Task to complete:
Print the entries that appear below, exactly as written and without their pictures.

Records shown:
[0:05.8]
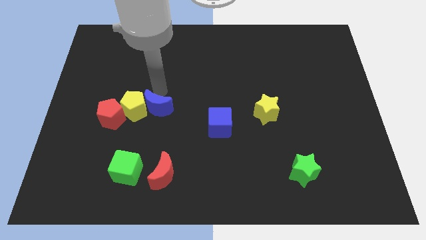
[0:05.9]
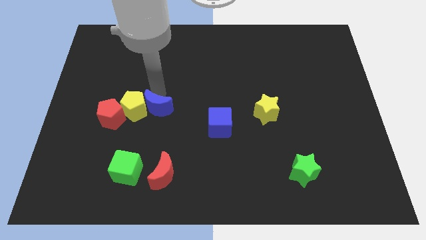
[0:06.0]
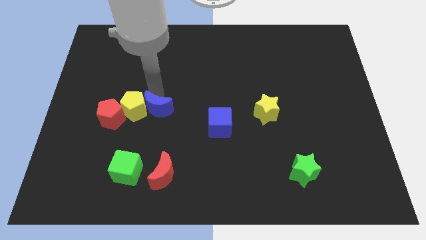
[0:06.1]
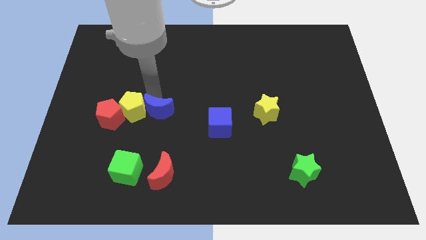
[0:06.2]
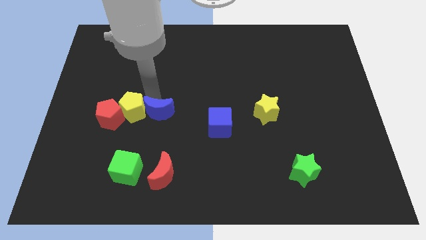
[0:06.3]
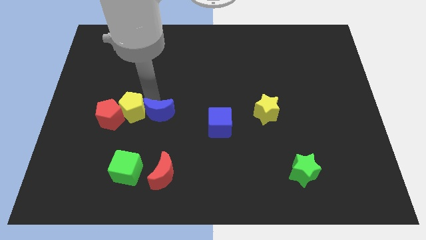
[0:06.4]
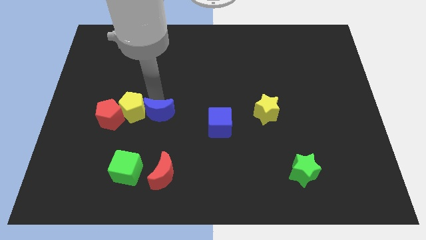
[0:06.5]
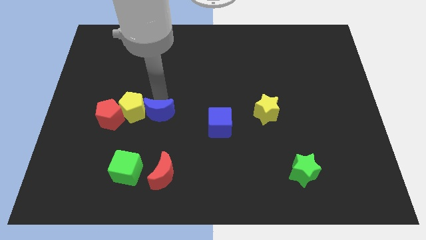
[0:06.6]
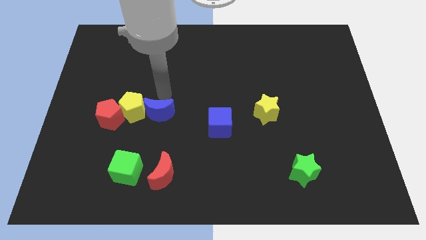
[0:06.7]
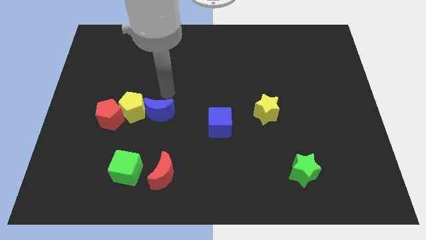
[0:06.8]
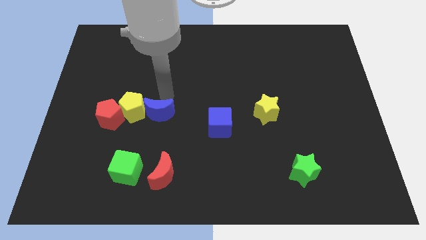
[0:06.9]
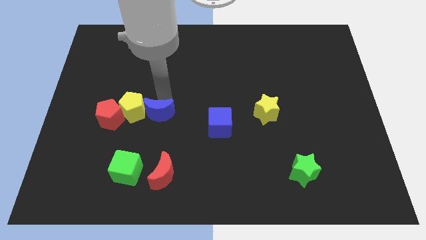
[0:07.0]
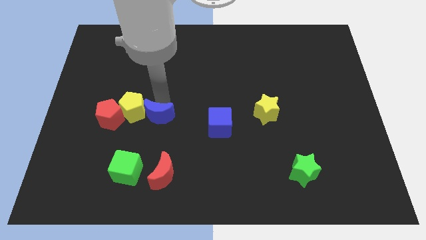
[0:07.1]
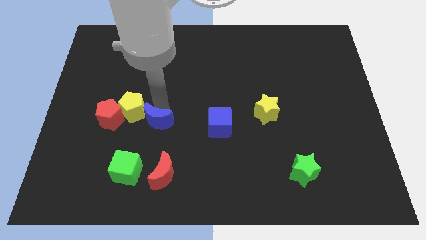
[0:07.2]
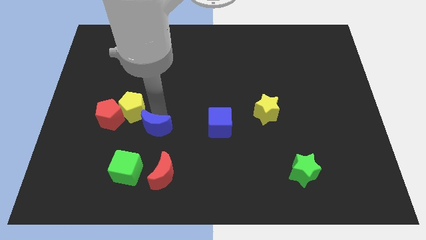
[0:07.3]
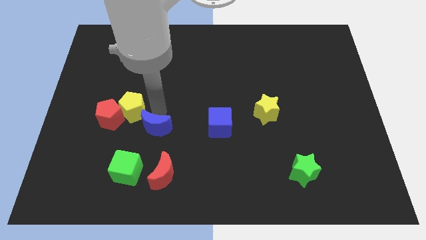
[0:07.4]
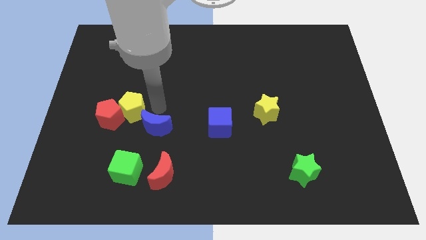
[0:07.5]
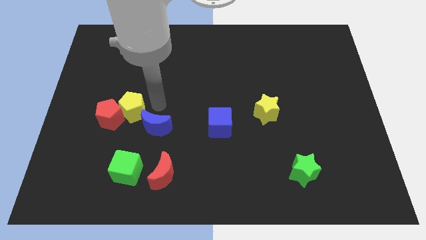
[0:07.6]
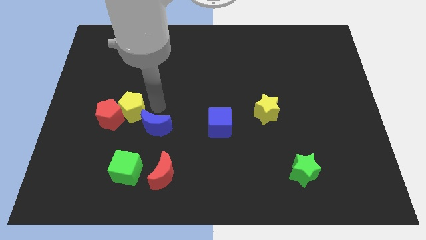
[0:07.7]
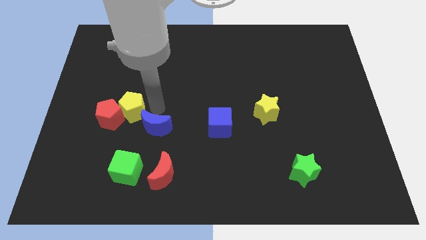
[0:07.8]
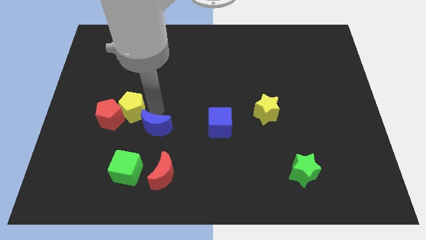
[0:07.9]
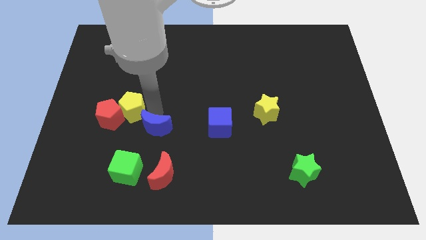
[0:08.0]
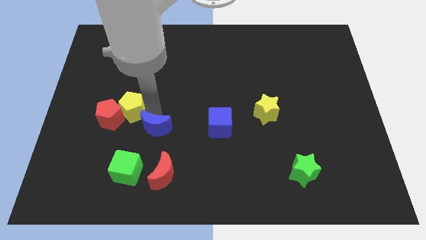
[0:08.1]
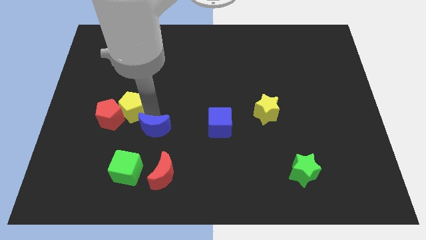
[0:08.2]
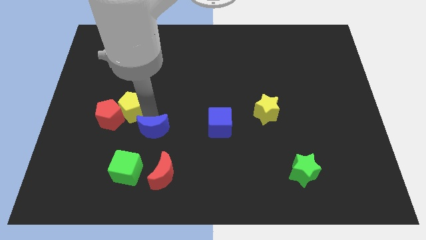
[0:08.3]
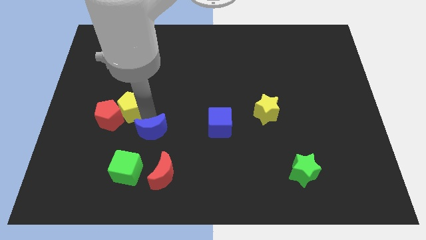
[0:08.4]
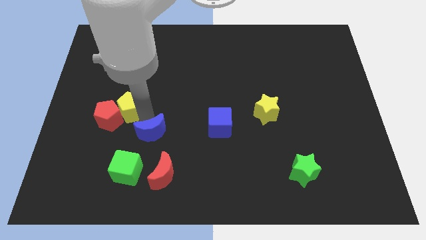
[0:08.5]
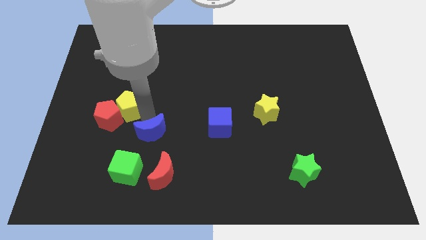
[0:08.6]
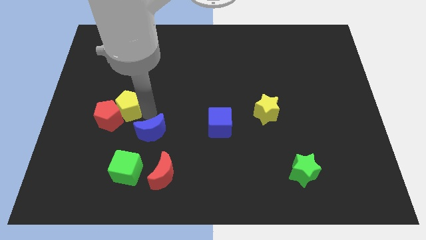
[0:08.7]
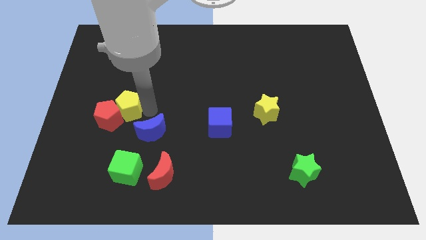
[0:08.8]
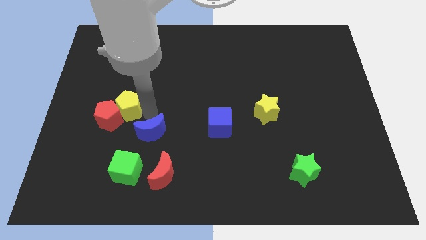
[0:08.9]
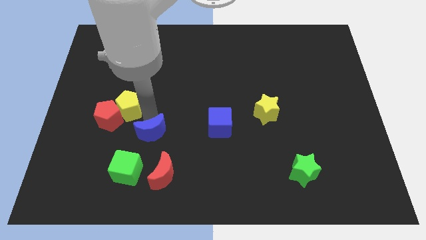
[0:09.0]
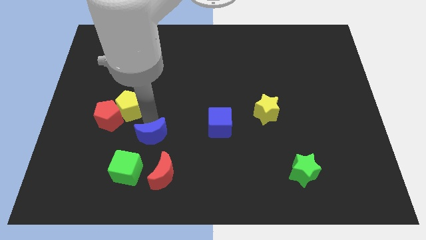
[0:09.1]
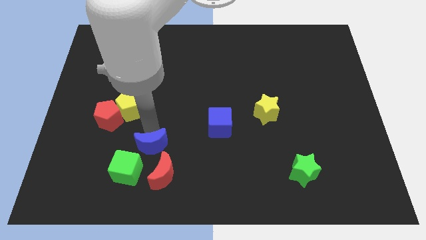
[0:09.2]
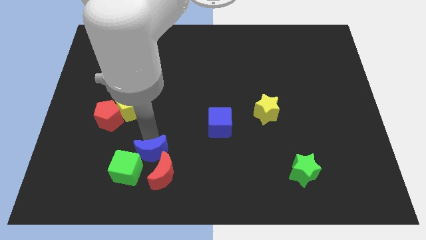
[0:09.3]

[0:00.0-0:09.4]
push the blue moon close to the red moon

Output for this exercise:
[0:05.8]
[0:05.9]
[0:06.0]
[0:06.1]
[0:06.2]
[0:06.3]
[0:06.4]
[0:06.5]
[0:06.6]
[0:06.7]
[0:06.8]
[0:06.9]
[0:07.0]
[0:07.1]
[0:07.2]
[0:07.3]
[0:07.4]
[0:07.5]
[0:07.6]
[0:07.7]
[0:07.8]
[0:07.9]
[0:08.0]
[0:08.1]
[0:08.2]
[0:08.3]
[0:08.4]
[0:08.5]
[0:08.6]
[0:08.7]
[0:08.8]
[0:08.9]
[0:09.0]
[0:09.1]
[0:09.2]
[0:09.3]

[0:00.0-0:09.4]
push the blue moon close to the red moon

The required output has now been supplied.